How to create <!DOCTYPE> with Python's cElementTree
You could set xml_declaration argument on write
function to False
, so output won't have xml declaration with encoding, then just append what header you need manually. Actually if you set your encoding as 'utf-8' (lowercase), xml declaration won't be added too.
import xml.etree.cElementTree as ElementTree
tree = ElementTree.Element('tmx', {'version': '1.4a'})
ElementTree.SubElement(tree, 'header', {'adminlang': 'EN'})
ElementTree.SubElement(tree, 'body')
with open('myfile.tmx', 'wb') as f:
f.write('<?xml version="1.0" encoding="UTF-8" ?><!DOCTYPE tmx SYSTEM "tmx14a.dtd">'.encode('utf8'))
ElementTree.ElementTree(tree).write(f, 'utf-8')
Resulting file (newlines added manually for readability):
<?xml version="1.0" encoding="UTF-8" ?>
<!DOCTYPE tmx SYSTEM "tmx14a.dtd">
<tmx version="1.4a">
<header adminlang="EN" />
<body />
</tmx>
You could use lxml and its tostring
function:
from lxml import etree
s = """<?xml version="1.0" encoding="UTF-8"?>
<tmx version="1.4a"/>"""
tree = etree.fromstring(s)
header = etree.SubElement(tree,'header',{'adminlang': 'EN'})

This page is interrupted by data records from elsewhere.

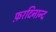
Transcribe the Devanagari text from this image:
फ़रदिनान्द
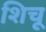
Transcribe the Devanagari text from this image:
शिचू
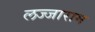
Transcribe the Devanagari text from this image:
लज्जाराम
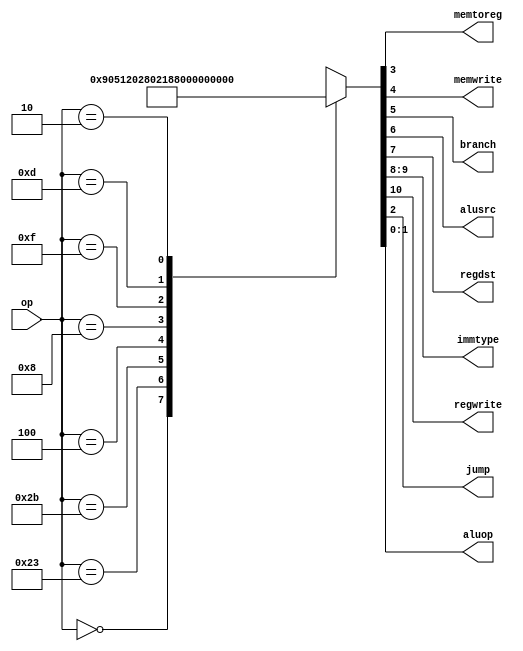
/*
 * From D. M. Harris and S. L. Harris, "Digital Design and Computer Architecture"
 */
`timescale 1ns / 1ps
module maindec(
    input [5:0] op,
    output memtoreg,
    output memwrite,
    output branch,
    output alusrc,
    output regdst,
    output [1:0] immtype,
    output regwrite,
    output jump,
    output [1:0] aluop
    );

   reg [10:0] 	 controls;

   assign { regwrite, immtype, regdst, alusrc, branch, memwrite,
	    memtoreg, jump, aluop } = controls;

   always @ (*)
     case (op)
       6'b000000: controls <= 11'b10010000010; //Rtype
       6'b100011: controls <= 11'b10001001000; //LW
       6'b101011: controls <= 11'b00001010000; //SW
       6'b000100: controls <= 11'b00000100001; //BEQ
       6'b001000: controls <= 11'b10001000000; //ADDI
       6'b001111: controls <= 11'b11001000011; //LUI
       6'b001101: controls <= 11'b10101000011; //ORI
       6'b000010: controls <= 11'b00000000100; //J
       default:   controls <= 11'bxxxxxxxxxxx; //???
     endcase

endmodule

module aludec(
    input [5:0] funct,
    input [1:0] aluop,
    output reg [2:0] alucontrol
    );

   always @ (*)
     case (aluop)
       2'b00: alucontrol <= 3'b010; // addition
       2'b01: alucontrol <= 3'b110; // subtraction
       2'b11: alucontrol <= 3'b001; // or
       default: case (funct) // Rtype (aluop is 10)
		  6'b100000: alucontrol <= 3'b010; //ADD
		  6'b100010: alucontrol <= 3'b110; //SUB
		  6'b100100: alucontrol <= 3'b000; //AND
		  6'b100101: alucontrol <= 3'b001; //OR
		  6'b101010: alucontrol <= 3'b111; //SLT
		  default:   alucontrol <= 3'bxxx; //???
		endcase
     endcase
endmodule

module controller(
    input [5:0] op,
    input [5:0] funct,
    input zero,
    output memtoreg,
    output memwrite,
    output pcsrc,
    output alusrc,
    output regdst,
    output [1:0] immtype,
    output regwrite,
    output jump,
    output [2:0] alucontrol
    );

   wire [1:0] 	 aluop;
   wire 	 branch;

   maindec md (op, memtoreg, memwrite, branch, alusrc,
	       regdst, immtype, regwrite, jump, aluop);
   aludec ad (funct, aluop, alucontrol);

   assign pcsrc = branch & zero;
endmodule

module testcont;
   reg [5:0] op;
   reg [5:0] funct;
   reg 	     zero;
   wire      memtoreg, memwrite, pcsrc, alusrc, regdst, regwrite, jump;
   wire [1:0] immtype;
   wire [2:0] alucontrol;

   controller ctl(op, funct, zero, memtoreg, memwrite, pcsrc,
		  alusrc, regdst, immtype, regwrite, jump, alucontrol);

   initial begin
      $dumpfile("testcont.vcd");
      $dumpvars(0, testcont);
      zero = 0; op = 0; funct = 6'b101010; #1
      op = 'h2b; #1
      op = 'h04; #1
      op = 'h08; #1
      op = 'h02; #1
      $finish;
   end
endmodule // testcont

body = etree.SubElement(tree,'body')
print etree.tostring(tree, encoding="UTF-8",
xml_declaration=True,
pretty_print=True,
doctype='<!DOCTYPE tmx SYSTEM "tmx14a.dtd">')
=>
<?xml version='1.0' encoding='UTF-8'?>
<!DOCTYPE tmx SYSTEM "tmx14a.dtd">
<tmx version="1.4a">
<header adminlang="EN"/>
<body/>
</tmx>